For starters, Meta’s moat in the social media space appears insurmountable. The company’s family of apps, which includes Facebook (the most-visited social site), Instagram, WhatsApp, Facebook Messenger, and Threads, collectively lure 3.29 billion daily active users. Advertisers are well aware that no other social media platform offers them access to more eyeballs, and are thus willing to pay a premium price to Meta to get their message(s) in front of users.

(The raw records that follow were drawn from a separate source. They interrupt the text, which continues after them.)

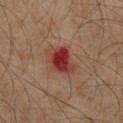No biopsy was performed on this lesion — it was imaged during a full skin examination and was not determined to be concerning.
A male patient roughly 60 years of age.
The tile uses cross-polarized illumination.
The lesion is on the abdomen.
A close-up tile cropped from a whole-body skin photograph, about 15 mm across.
About 4 mm across.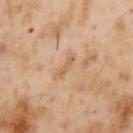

To build on this point, Meta has established a successful blueprint for developing new assets and monetizing them only when the time is right. For instance, Meta launched Threads in July 2023 and quickly hit 100 million monthly active users (MAUs). However, CEO Mark Zuckerberg and his team held off on monetizing Threads with ads. With the app now topping 300 million MAUs, Meta is free to turn on the spigot and begin generating advertising revenue.
Billionaires Coleman, Laffont, and Mandel are likely also intrigued by Meta’s higher-growth initiatives, which include AI and the metaverse. Meta announced in January 2024 that it’d be purchasing 350,000 Hopper GPUs (a total order of around $10.5 billion) from Nvidia to fuel its AI-data center ambitions. Meta has been making generative AI solutions available to advertisers, which can generate/tailor messages to users.
In a historically pricey stock market, it’s also nice to have a buffer. Meta closed out the September quarter with $70.9 billion in cash, cash equivalents, and marketable securities, and has been averaging north of $21 billion in net cash generated from operations per quarter. This is a company that has the ability to take risks few others can -- yet there’s still enough cash left over to pay a dividend and buy back stock.
The final piece of the puzzle that helps explain why billionaires Chase Coleman, Philippe Laffont, and Stephen Mandel favor Meta Platforms over all other stocks is its valuation. Even though Meta’s forward price-to-earnings (P/E) ratio of 25 marks its highest valuation multiple in years, the company’s price-to-earnings-growth ratio (PEG Ratio) of 1.08 is essentially on par with its average PEG Ratio reading of 1.09 over the trailing-five-year period.
In simpler terms, if you take into account Meta’s accelerated earnings growth, the company’s P/E ratio relative to its growth is still quite attractive. Though no stock moves up in a straight line, the future appears bright for “Magnificent” Meta.